No meds.. meds... no meds...

Hi Prof, Rob here (again!). Hope you''re well?

Prof, don''t shout when you hear this.  -)

As I''ve mentioned before, I was a private patient, but was forced to switch to the state.

In the process, a number of the meds that I had been taking were simply not available (notably Seroquel). So... I stopped taking them.

Long story short, it took months to see the state Dr, and when I did get my appointment.. we were sitting around... staring at the ceiling and the phone rings. It''s the Dr.. he''s not coming. So, I rescheduled, and months later.. same thing.
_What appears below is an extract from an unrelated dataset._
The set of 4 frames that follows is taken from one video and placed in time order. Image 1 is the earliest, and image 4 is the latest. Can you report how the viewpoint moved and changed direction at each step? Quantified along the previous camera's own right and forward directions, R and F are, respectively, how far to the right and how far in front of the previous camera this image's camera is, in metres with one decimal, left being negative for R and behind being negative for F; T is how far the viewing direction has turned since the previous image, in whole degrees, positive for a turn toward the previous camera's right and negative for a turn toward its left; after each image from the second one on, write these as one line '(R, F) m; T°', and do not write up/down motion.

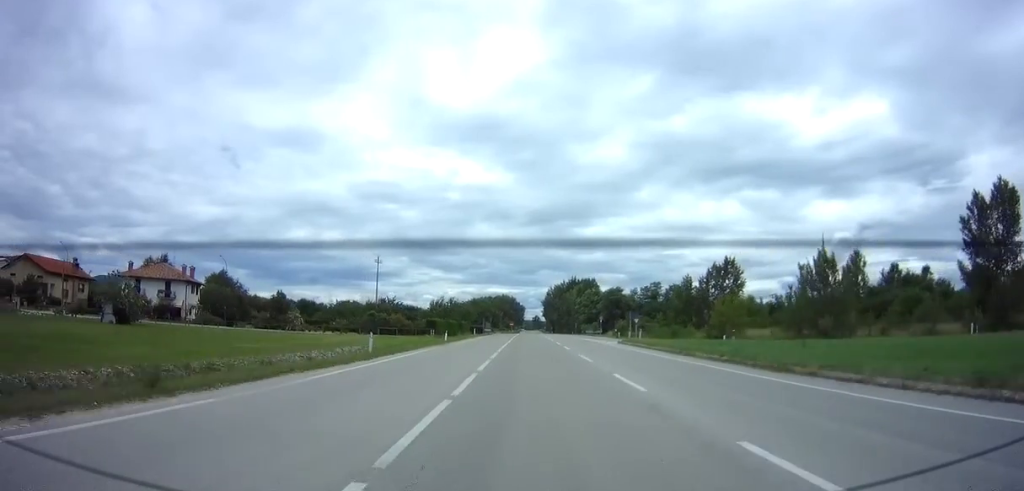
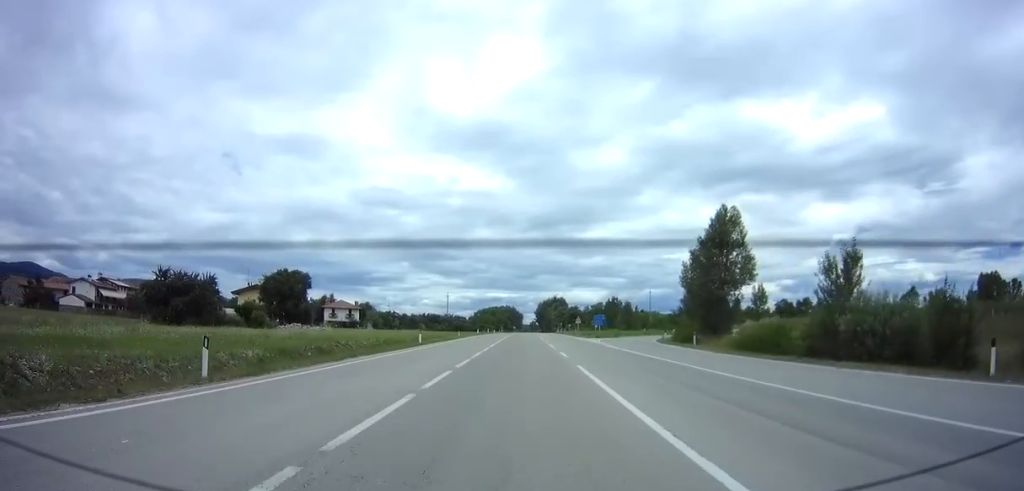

It''s been more that two weeks now and I haven''t taken a tablet of anything. For the first time in I don''t know how long my head doesn''t feel like it''s in the toilet, and yes, my emotions are more acute but not uncontrollable. I was always told that terrible things would happen to me if I stopped taking meds? especially abruptly. (Which I supposed was a " scare tactic"  to get me to comply?)

The only times I ever visited a psychiatrist was during periods of extreme distress (such as losing everythything, including my house, finding that I''m working sixty odd hours a week and studying full time - while being threatened with eviction - or suddenly finding that I fancy other guys.. THAT was a huge shock to my system) and then I was said to be " manic"  because I started exploring the gay scene and working myself into exhaustion and an ulcer. It was said that it is " out of context"  and not expected and I was not thinking rationally. But, I had to make ends meet - I mean I had to eat (although there were times when that just wasn''t possible). Fortunately someone took me in and gave me shelter. (By the same logic, if I went to the psychiatrist and complained about the economy, would that also be a disease/disorder?)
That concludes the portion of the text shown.